My mother went to a Fabergé exhibit in the 1980’s, and her impression of it was “When you looked at those things, you could tell why they had to have a revolution.”
And Fabergé Eggs are also made of precious metals and jewels, built with incredible craftmanship, were owned by one of the most powerful people in the world during a time in history about which hundreds of books have been written, and have endured over a century as a craft of artistic, cultural and historical importance.
So now NFT's are being added to the bitcoin blockchain through the use of something called ordinals. NFTs are still dumb but at least they don't have to rely on a third party hosting solution.
That's just art in general. But I don't think Fabergé eggs had a decentralized ownership or anything like that. They also required extraordinary craftmanship and expensive material, quite unlike NFTs.

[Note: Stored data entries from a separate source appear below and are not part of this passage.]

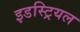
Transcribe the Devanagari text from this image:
इडस्ट्रियल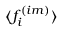
\langle f _ { i } ^ { ( i m ) } \rangle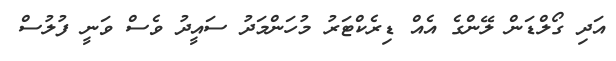
އަދި ގޯލްޑަން ލޭންގެ އެއް ޑިރެކްޓަރު މުހަންމަދު ސައީދު ވެސް ވަނީ ފުލުސް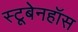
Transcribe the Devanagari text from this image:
स्टूबेनहॉस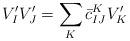
LaTeX: \begin{align*}V'_I V'_J=\sum_K \bar c_{IJ}^K V'_K\end{align*}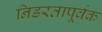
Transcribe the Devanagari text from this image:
निडरतापूर्वक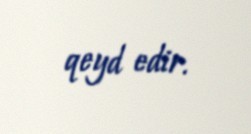
qeyd edir.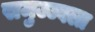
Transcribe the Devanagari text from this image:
समुज्ज्वला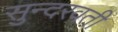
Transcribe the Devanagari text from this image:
सुन्दरवती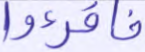
فاقرءوا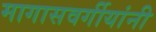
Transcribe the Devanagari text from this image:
मागासवर्गीयांनी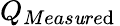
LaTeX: Q_{Meas\mathit{u}re\mathrm{d}}\,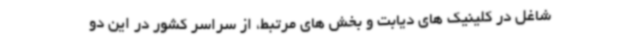
شاغل در کلینیک های دیابت و بخش های مرتبط، از سراسر کشور در این دو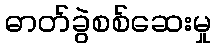
ဓာတ်ခွဲစစ်ဆေးမှု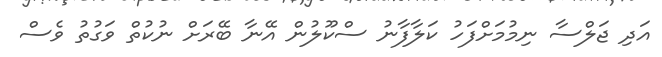
އަދި ޖަލްސާ ނިމުމަށްފަހު ކަލާފާނު ސްކޫލުން އޭނާ ބޭރަށް ނުކުތް ވަގުތު ވެސް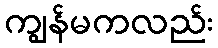
ကျွန်မကလည်း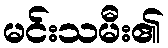
မင်းသမီး၏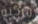
مركبة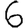
Digit: 6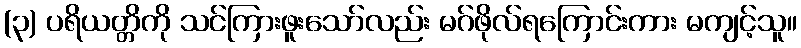
(၃) ပရိယတ္တိကို သင်ကြားဖူးသော်လည်း မဂ်ဖိုလ်ရကြောင်းကား မကျင့်သူ။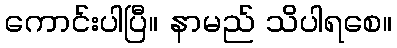
ကောင်းပါပြီ။ နာမည် သိပါရစေ။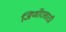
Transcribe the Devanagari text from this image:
जिर्णोरासाठी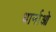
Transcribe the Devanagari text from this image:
धार्नाओ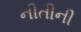
નીતીની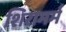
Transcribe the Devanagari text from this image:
शिरामर्म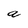
Character: a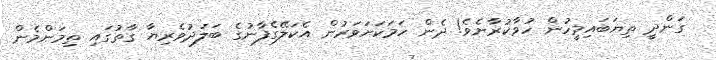
ގަންދީ ތިޔަބައިމީހުން ހުވާކުރާށެވެ! ދެން ހަމަކަށަވަރުން އެކަލޭގެފާނުގެ ބަލަދުވެރިޔާ ގާތުގައި ތިމަންމެން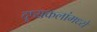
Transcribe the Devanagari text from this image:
दृष्यकलांमध्ये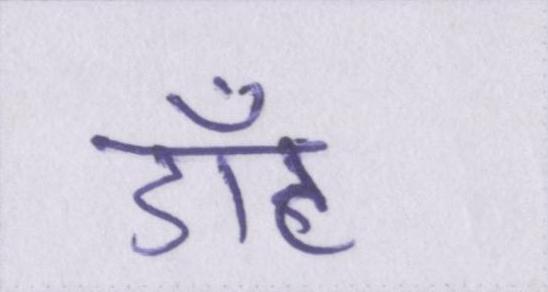
डॉट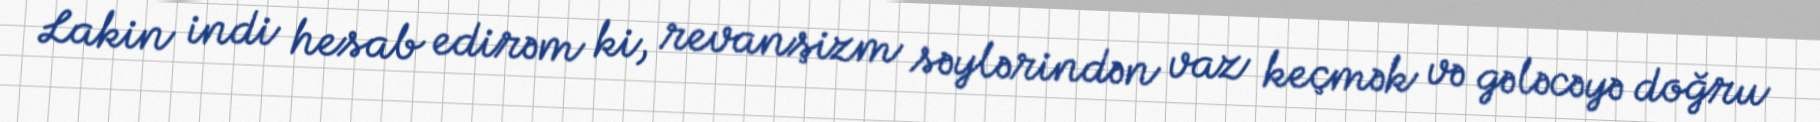
Lakin indi hesab edirəm ki, revanşizm səylərindən vaz keçmək və gələcəyə doğru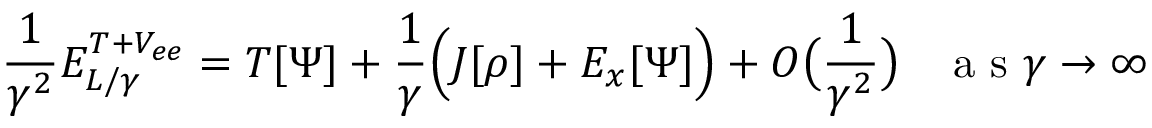
\frac { 1 } { \gamma ^ { 2 } } E _ { L / \gamma } ^ { T + V _ { e e } } = T [ \Psi ] + \frac { 1 } { \gamma } \Bigl ( J [ \rho ] + E _ { x } [ \Psi ] \Bigr ) + O \bigl ( \frac { 1 } { \gamma ^ { 2 } } \bigr ) \; \; \; \mathrm { ~ a ~ s ~ } \gamma \to \infty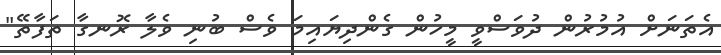
އެތަނަށް އުމުރުން ދުވަސްވީ މީހުން ގެންދިޔައިމަ ވެސް ބުނި ވެލާ ރޮނގާ ތަފާތޭ"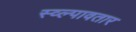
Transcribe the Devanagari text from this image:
स्व्ल्पावतार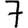
Digit: 7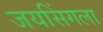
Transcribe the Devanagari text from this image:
जयसिंगला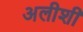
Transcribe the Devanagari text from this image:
अलीशी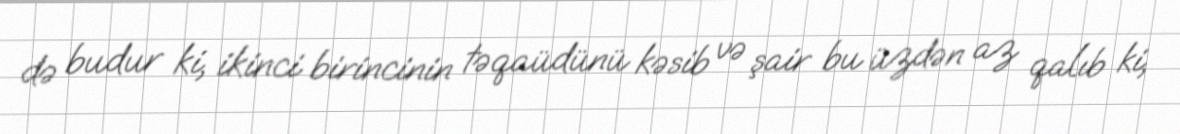
də budur ki, ikinci birincinin təqaüdünü kəsib və şair bu üzdən az qalıb ki,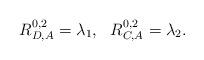
LaTeX: \begin{align*}R_{D,A}^{0,2} = \lambda_1, \ \ R_{C,A}^{0,2} = \lambda_2.\end{align*}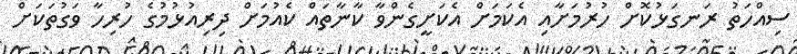
ސިއްހަތު ރަނގަޅުކޮށް ހުރުމަށާއި އެކަމަށް އެކަށީގެންވާ ކާނާތައް ކެއުމަށް ދިރިއުޅުމުގެ ހުރިހާ ވަގުތަކަށް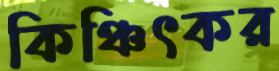
কিঞ্চিৎকর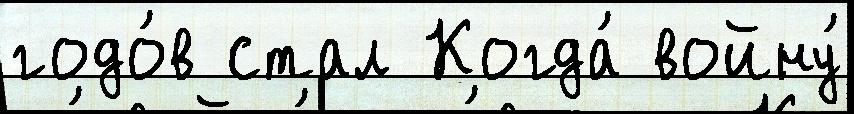
годо́в стал Когда́ войну́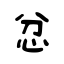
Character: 忿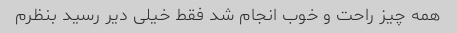
همه چیز راحت و خوب انجام شد فقط خیلی دیر رسید بنظرم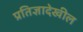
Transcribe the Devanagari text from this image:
प्रतिज्ञादेखील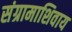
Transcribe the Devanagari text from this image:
संग्रामाशिवाय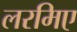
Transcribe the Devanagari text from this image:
लरमिए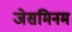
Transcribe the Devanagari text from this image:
जेसमिनम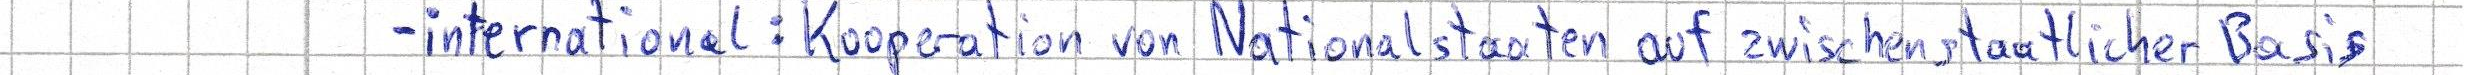
- international: Kooperation von Nationalstaaten auf zwischenstaatlicher Basis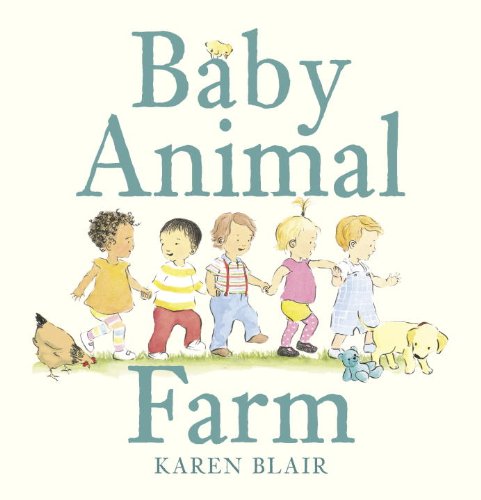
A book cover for Baby Animal Farm; Karen Blair; Children's Books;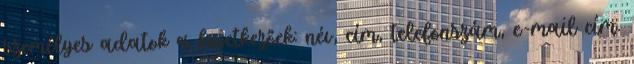
személyes adatok a következőek: név, cím, telefonszám, e-mail cím.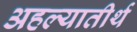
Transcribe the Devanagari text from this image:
अहल्यातीर्थ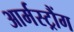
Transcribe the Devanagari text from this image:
आर्मस्ट्रौंग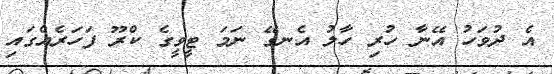
އެ ދުވަހު އޭނާ ހުރި ހާލު އެނގޭ ނަމަ ޓީވީގެ ކްރޫ ފަހަރެއްގައި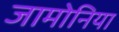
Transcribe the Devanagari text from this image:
जामोनिया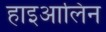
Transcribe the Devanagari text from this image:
हाइआलिन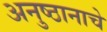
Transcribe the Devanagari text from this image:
अनुष्ठानाचे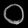
Digit: ၀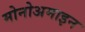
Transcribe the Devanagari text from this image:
मोनोअमाइन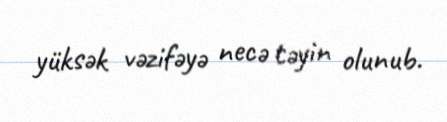
yüksək vəzifəyə necə təyin olunub.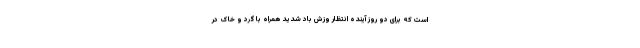
است که برای دو روز آینده انتظار وزش باد شدید همراه با گرد و خاک در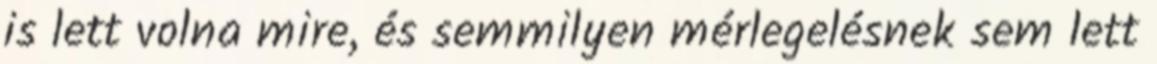
is lett volna mire, és semmilyen mérlegelésnek sem lett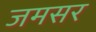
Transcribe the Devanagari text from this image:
जमसर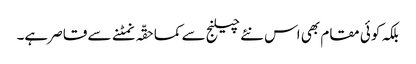
بلکہ کوئی مقام بھی اس نئے چیلنج سے کماحقّہ نمٹنے سے قاصر ہے۔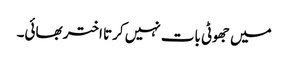
میں جھوٹی بات نہیں کرتا اختر بھائی۔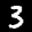
Label: 3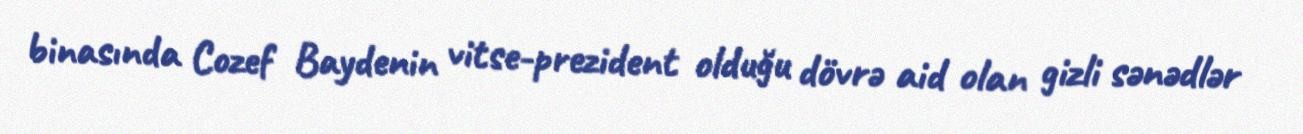
binasında Cozef Baydenin vitse-prezident olduğu dövrə aid olan gizli sənədlər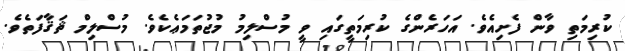
ކުރިމަތި ވާން ފެށިއެވެ. އަހަރެންގެ ކުރިމަތީގައި ވީ މުސްލިމު މުޖުތަމަޢެކެވެ. މުސްލިމް ޘަޤާފަތެވެ.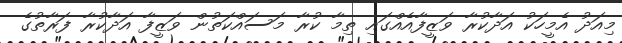
މިއަދު އެމީހަކު އަދާކުރާ ވަޒީފާއެއްގައި ތިމާ ކުރާ މަސައްކަތުން ވަޒީފާ އަދާކުރާ ފަރާތުގެ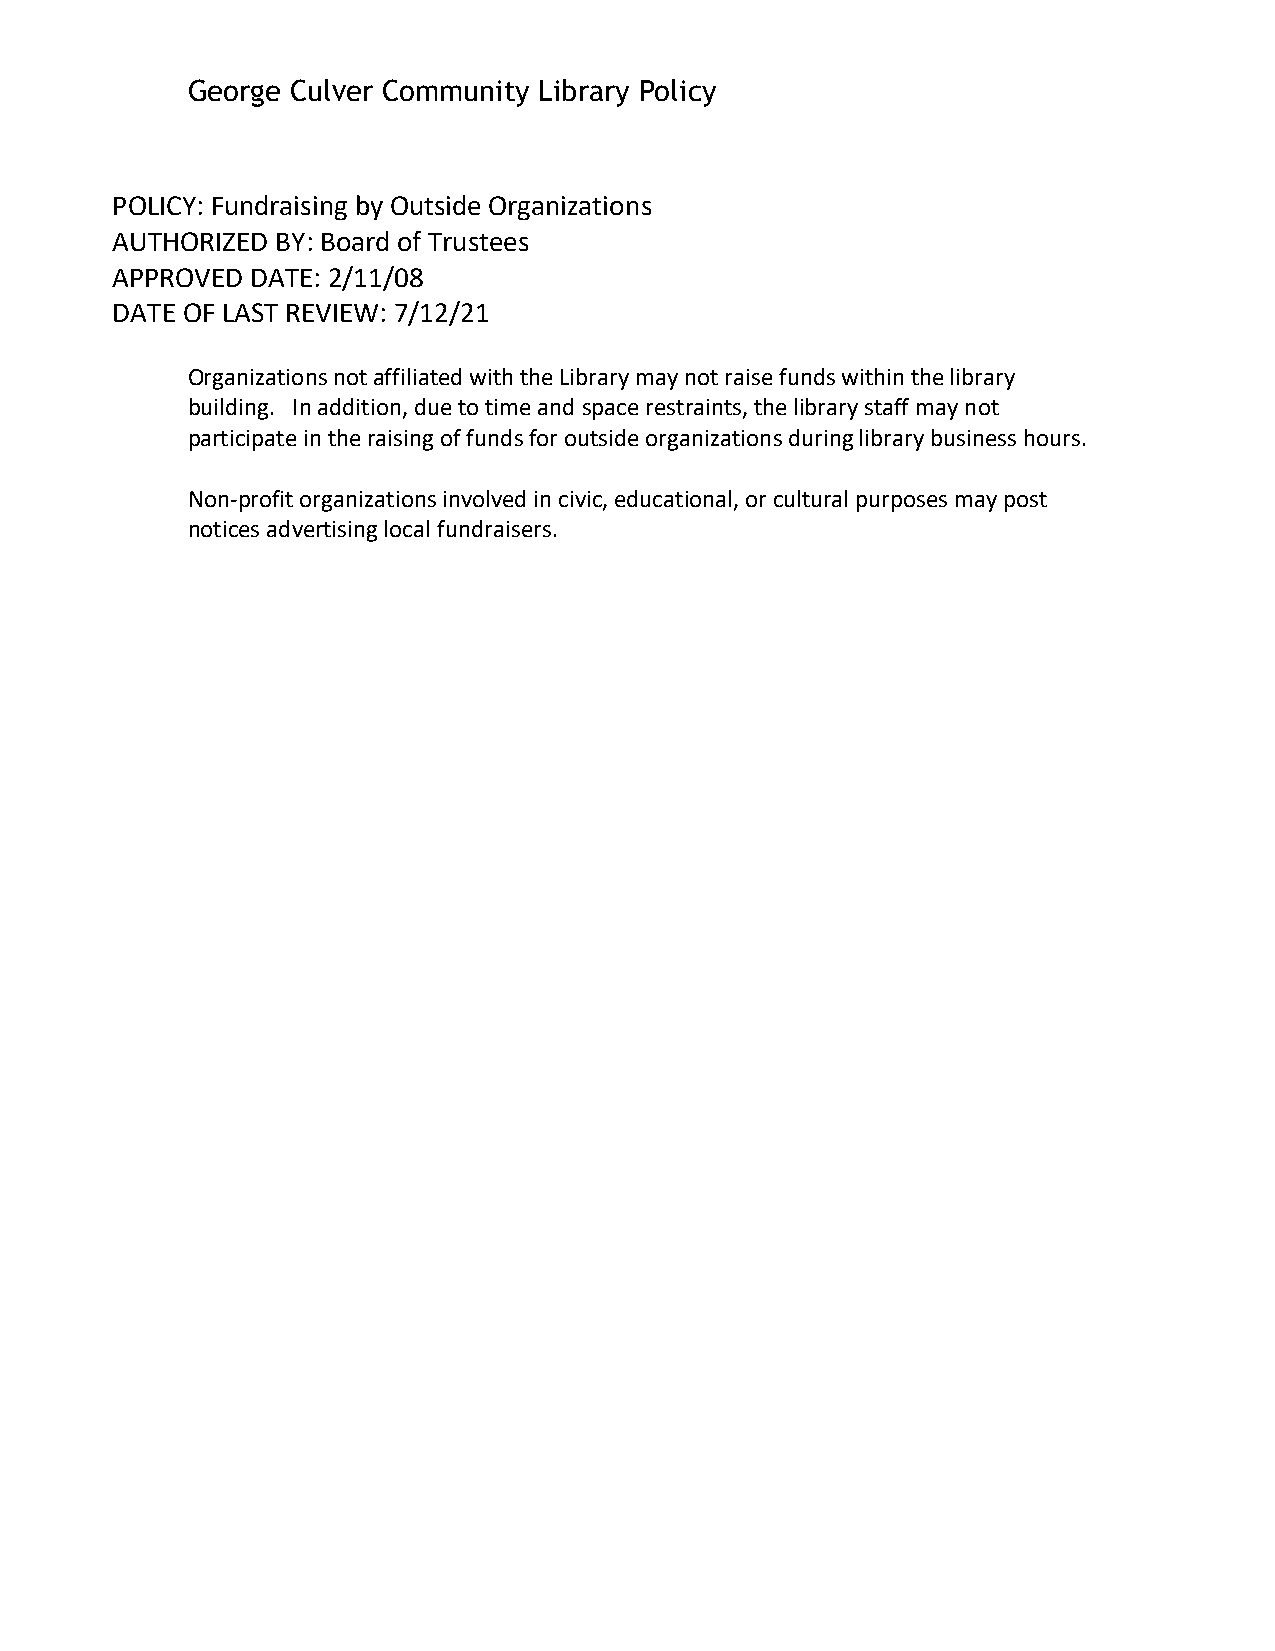
George Culver Community Library Policy
 POLICY: Fundraising by Outside Organizations
 AUTHORIZED BY: Board of Trustees
 APPROVED  DATE: 2/11/08
 DATE OF LAST REVIEW: 7/12/21
 Organizations not affiliated with the Library may not raise funds within the library
 building. In addition, due to time and space restraints, the library staff may not
 participate in the raising of funds for outside organizations during library business hours.
 Non-profit organizations involved in civic, educational, or cultural purposes may post
 notices advertising local fundraisers.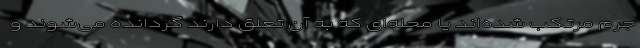
جرم مرتکب شده‌اند یا محله‌ای که به آن تعلق دارند گردانده می‌شوند و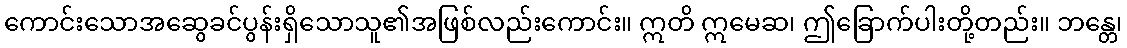
ကောင်းသောအဆွေခင်ပွန်းရှိသောသူ၏အဖြစ်လည်းကောင်း။ ဣတိ ဣမေဆ၊ ဤခြောက်ပါးတို့တည်း။ ဘန္တေ၊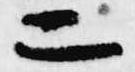
二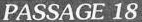
PASSAGE 18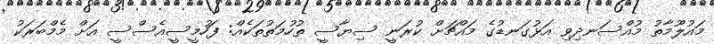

I think the ownership of Fabergé eggs is decentralized. They don't have any dependencies like electricity. They just exist and one can judge their value, quite unlike NFTs.
Fabergé eggs are scarce because of the difficulty and cost of making them. NFTs are scarce because they are a one time issued code, attached "somewhere" to something that's extremely easy to make, and were in fact produced in large quantities in short time.
Each one was unique, and many of them represented important moments in recent Russian history - there's one that commemorates the completion of the trans Siberian railway for example.
Given what happened next, you could say they accidentally document the fall of the Russian empire... through the medium of decorative eggs!
I've always found Fabergé eggs interesting. It's awesome how it was just supposed to be a one off thing, but the tsarina loved them so much they became a tradition. I've been trying to make painting wooden eggs a tradition in my family, and I take a lot of inspiration from Fabergé eggs.
The big problem with basing your system of government on literal autocracy is that sometimes you don't get good autocrats. That said, the crisis of 1905-1917 would probably have overwhelmed a better monarch than Nicholas II.